Earlier this year, Terry Myerson, Microsoft's Executive Vice President of Windows and Devices, said smartphones aren't a "priority" for the company in 2016. It hasn't launched any new devices and only a handful of products have emerged from its third-party partners. Despite the almost non-existent hardware investment, the company has continued to push regular software updates to Windows 10 Mobile though.
Considering the platform's market share dropped below one percent a few months ago, some have questioned why Microsoft continues to keep it alive. Now would appear to be a good time to admit defeat and pull out of the market, concentrating instead on apps for iOS and Android. Microsoft is already focusing its app development on rival services and now often updates its Windows offerings after its iOS and Android ones.
In a recent interview with ZDNet, Myerson justified Microsoft's continued investment in mobile. He suggested that maintaining Windows 10 Mobile is no longer really about promoting the software to customers. Instead, the company needs to have access to the underlying technology, in case it has a need for a mobile platform in the future.
While Windows 10 for PCs and Windows 10 Mobile share a common core, they have some major differences. Most notably, the full version of Windows 10 cannot run on the ARM-based processors inside mobile devices. It doesn't support the telephony stack that runs handsets' phone and messaging features either. Windows 10 Mobile has these components. If Microsoft abandoned the OS, it would be left without this important infrastructure.
"There are really two things that are unique about Windows Mobile. One is cellular connectivity and the other one is the ARM processors that are there," said Myerson. "And I think both cellular connectivity and ARM processors have a role in the technical landscape of the future."
Microsoft's reluctance to abandon its ARM support and telephony stack can be explained by its past experiences. When the company launched Windows Phone 7 in 2010, its first true smartphone platform, it quickly ran into major problems that contributed to its failure in the industry since.

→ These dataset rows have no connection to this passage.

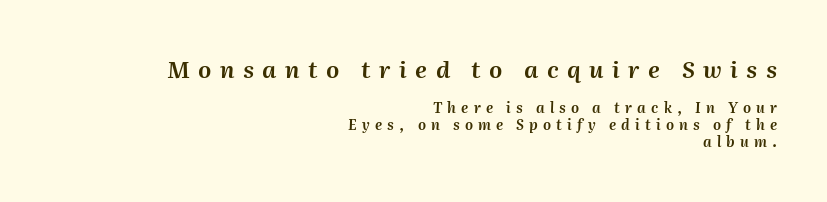
There is plenty of visible air inserted between adjacent glyphs. Posture: slanted. The rag falls on the left side of this text block. Descenders are the only things crossing below the line. Size hierarchy here favors the leading block over the trailing one.
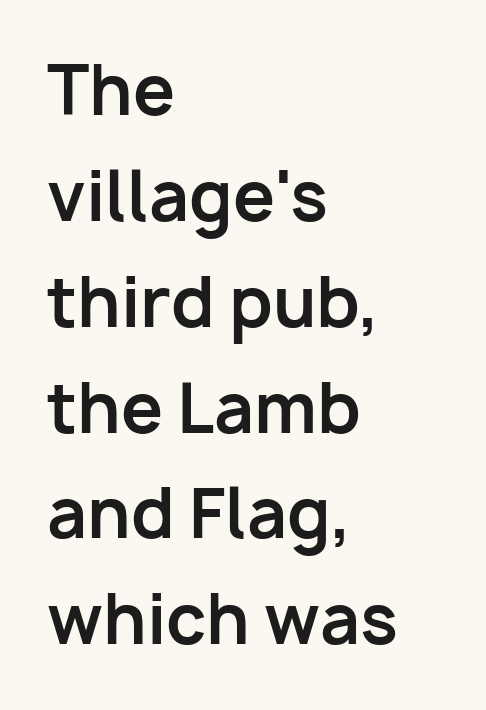
A typesetter would call this leading conventional body-copy spacing. The face used here is proportionally spaced, like ordinary book or web type. Descender tails drop into unmarked territory. Compared with a centered layout, this one pins lines to the left instead.
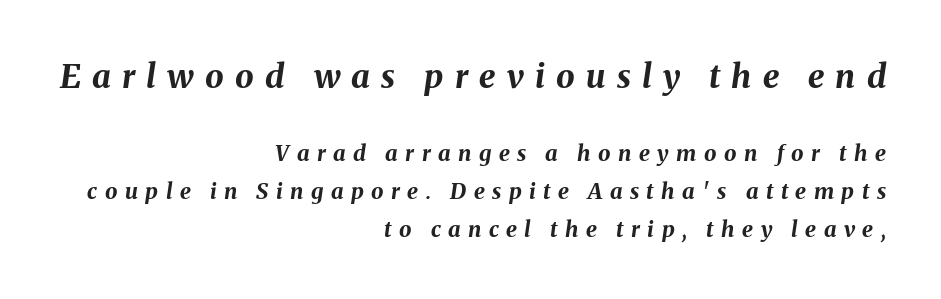
The face used here is proportionally spaced, like ordinary book or web type. If you squint, the top block still reads clearly — it's the larger of the two. You could only call the tracking loose — the letters float apart. Layout note: lines flush right. The letters are slanted; this is an italic face. Each glyph is drawn with heavy, bold strokes.
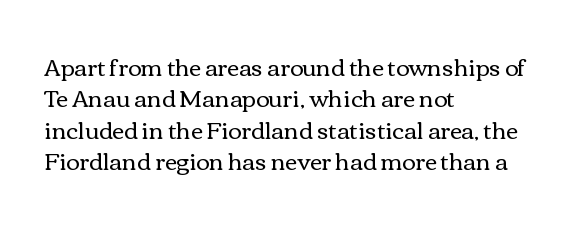
Q: Is the text bold? A: No.
Q: Is the text italic (slanted)? A: No, it is upright.
Q: Is the text underlined? A: No.
Q: How is the paragraph aligned? A: Left-aligned.
Q: Is the spacing between letters normal or unusually wide? A: Normal.
Q: Is the spacing between lines tight, normal or loose? A: Normal.
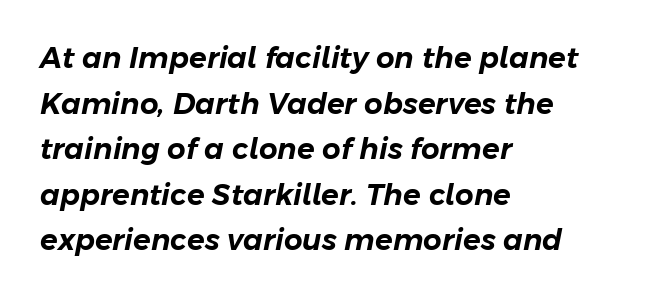
Q: Is the text italic (slanted)? A: Yes, it leans right by about 11 degrees.
Q: Is the text underlined? A: No.
Q: How is the paragraph aligned? A: Left-aligned.
Q: Is the spacing between letters normal or unusually wide? A: Normal.
Q: Is the spacing between lines tight, normal or loose? A: Normal.
Q: Width (condensed, normal, or wide)? A: Normal.
Q: Stroke contrast? A: Low.
Q: x-height? A: Medium.
Q: Monospaced? A: No.
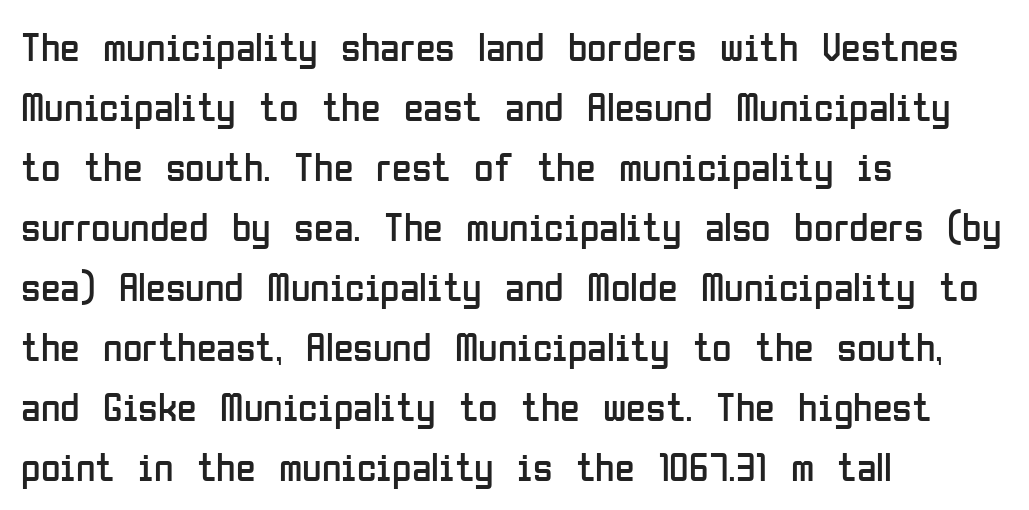
{"serif": "no", "italic": "no", "bold": "no", "weight": "regular", "width": "condensed", "stroke_contrast": "low", "x_height": "medium", "monospaced": "no", "underline": "no", "align": "left", "line_spacing": "normal", "line_spacing_ratio": 1.5, "letter_spacing": "normal", "letter_spacing_em": 0.0, "glyph_px": 40}
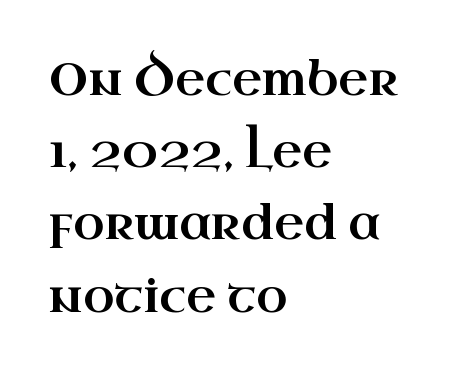
Q: Is the text italic (slanted)? A: No, it is upright.
Q: Is the typeface a serif or a sans-serif typeface? A: Serif.
Q: Is the text underlined? A: No.
Q: How is the paragraph aligned? A: Left-aligned.
Q: Is the spacing between letters normal or unusually wide? A: Normal.
Q: Is the spacing between lines tight, normal or loose? A: Normal.
Q: Width (condensed, normal, or wide)? A: Wide.
Q: Stroke contrast? A: High.
Q: x-height? A: Small.
Q: Monospaced? A: No.
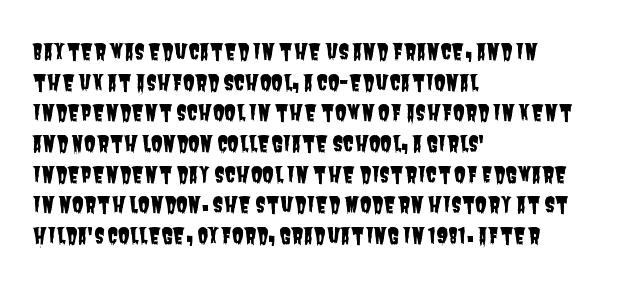
The image shows 21 px text type; set left-aligned, normal line spacing (1.46x), normal letter spacing, not underlined.
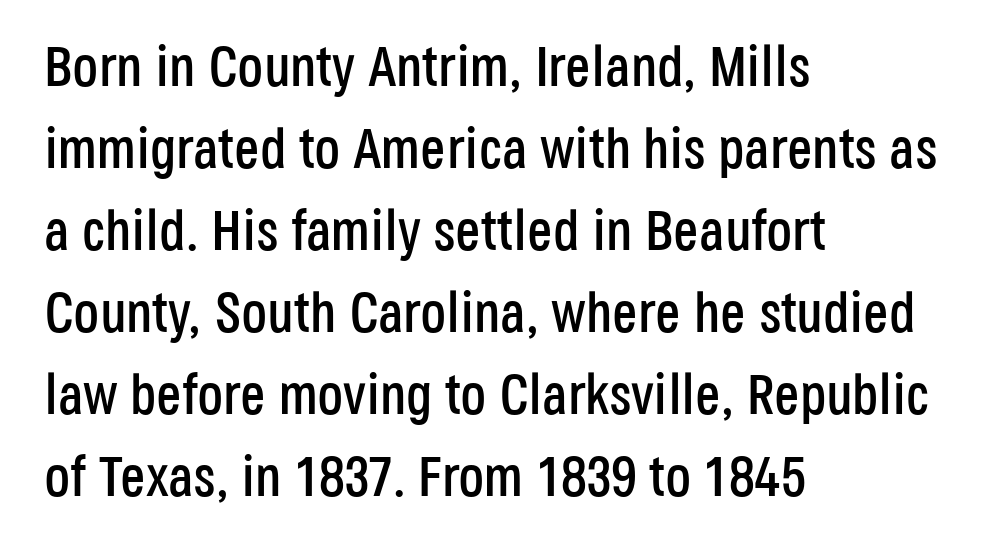
Q: Is the text italic (slanted)? A: No, it is upright.
Q: Is the typeface a serif or a sans-serif typeface? A: Sans-serif.
Q: Is the text underlined? A: No.
Q: How is the paragraph aligned? A: Left-aligned.
Q: Is the spacing between letters normal or unusually wide? A: Normal.
Q: Is the spacing between lines tight, normal or loose? A: Normal.
Q: Width (condensed, normal, or wide)? A: Condensed.
Q: Stroke contrast? A: Low.
Q: x-height? A: Large.
Q: Monospaced? A: No.
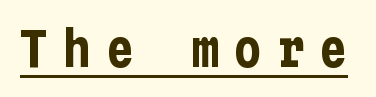
The image shows 47 px bold, condensed sans-serif type, upright; set unusually wide letter spacing (+0.31 em), underlined; low stroke contrast and a medium x-height.
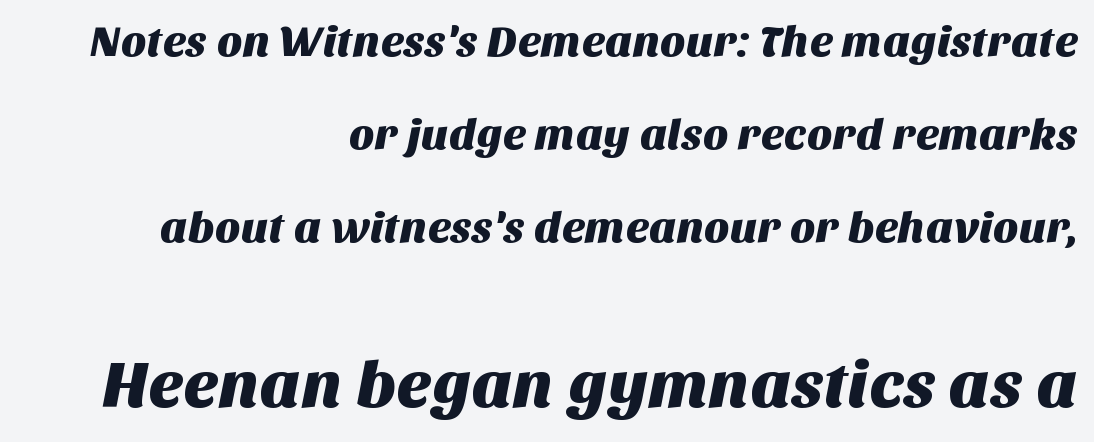
{"serif": "no", "width": "normal", "stroke_contrast": "medium", "x_height": "large", "monospaced": "no", "underline": "no", "align": "right", "line_spacing": "loose", "line_spacing_ratio": 2.11, "letter_spacing": "normal", "letter_spacing_em": 0.0, "larger_block": "second", "size_ratio": 1.5, "glyph_px": 66}

Windows Phone 7 was based on Windows Mobile 6.5. In turn, Windows Mobile used the Windows CE kernel, instead of the modern Windows NT. At the time, NT only supported desktop platforms. It had no telephony stack or ARM support, unlike the aging Windows CE. As it was coming late to the smartphone race already, Microsoft opted against building cellular connectivity into Windows NT. It went the easier route, using Windows CE as the base of Windows Phone 7.
This proved to be a disastrous decision. Windows CE wasn't designed to power modern smartphones and didn't support new and emerging features. Microsoft quickly realised it had to move its mobile efforts to Windows NT but the effort took two years of work.
In 2012, Windows Phone 8 emerged, running on modern, extendable technology. Because Microsoft had spent so much time migrating to Windows NT, it included very few new features to attract consumers though. Microsoft effectively lost two years of development time, letting its platform stagnate while it worked on a giant architectural shift, the benefits of which could never be explained to customers.
Myerson alluded to the situation, as well as other past failures, in the interview. "When you stop investing in these things, it's super hard, super, super hard to restart," he said. "And at Microsoft, we have a few of those examples where we stopped. Sometimes, when you're investing into growth, it's easier, but when you're investing for technical strategy or things like that, sometimes people question it — like you're doing right now."
Windows 10 Mobile may be getting little attention from Microsoft but the company has consistently stated it's not going away any time soon. Microsoft has previously suggested it will refocus its mobile ambitions in the coming years, once Windows 10 on PCs has become more established. It's thought the company is waiting for a chance to launch a category-defining device that will do to smartphones what the Surface did for convertible PCs.